Your goal — Write out every entry, unchanged. Skip any picture.

[Start of section]

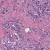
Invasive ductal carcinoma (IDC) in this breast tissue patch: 1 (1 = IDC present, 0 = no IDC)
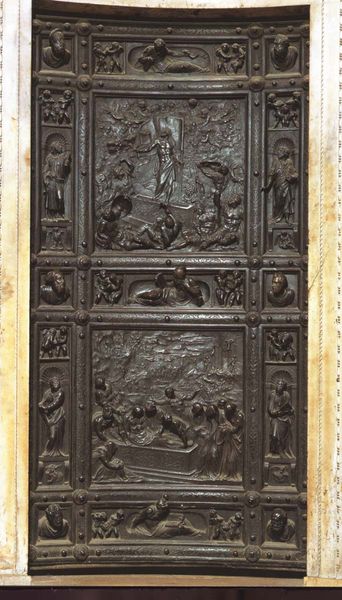
Titel: Sakristeitür
Künstler: Jacopo Sansovino
Standort: Venedig, S. Marco (EU - I - Venetien)
Schlagwörter: menschen, köpfe, tür, bibel, tod, relief, türe, figuren, metall, bronze, plastik, rom, sarg, grab, kassetten, heilige, reliefs, guss, szenen, quadrat, sakral, auferstehung, kassette, nischen, gefache, eisenguss, wiederauferstehung

[End of section]

Response —
Invasive ductal carcinoma (IDC) in this breast tissue patch: 1 (1 = IDC present, 0 = no IDC)
Titel: Sakristeitür
Künstler: Jacopo Sansovino
Standort: Venedig, S. Marco (EU - I - Venetien)
Schlagwörter: menschen, köpfe, tür, bibel, tod, relief, türe, figuren, metall, bronze, plastik, rom, sarg, grab, kassetten, heilige, reliefs, guss, szenen, quadrat, sakral, auferstehung, kassette, nischen, gefache, eisenguss, wiederauferstehung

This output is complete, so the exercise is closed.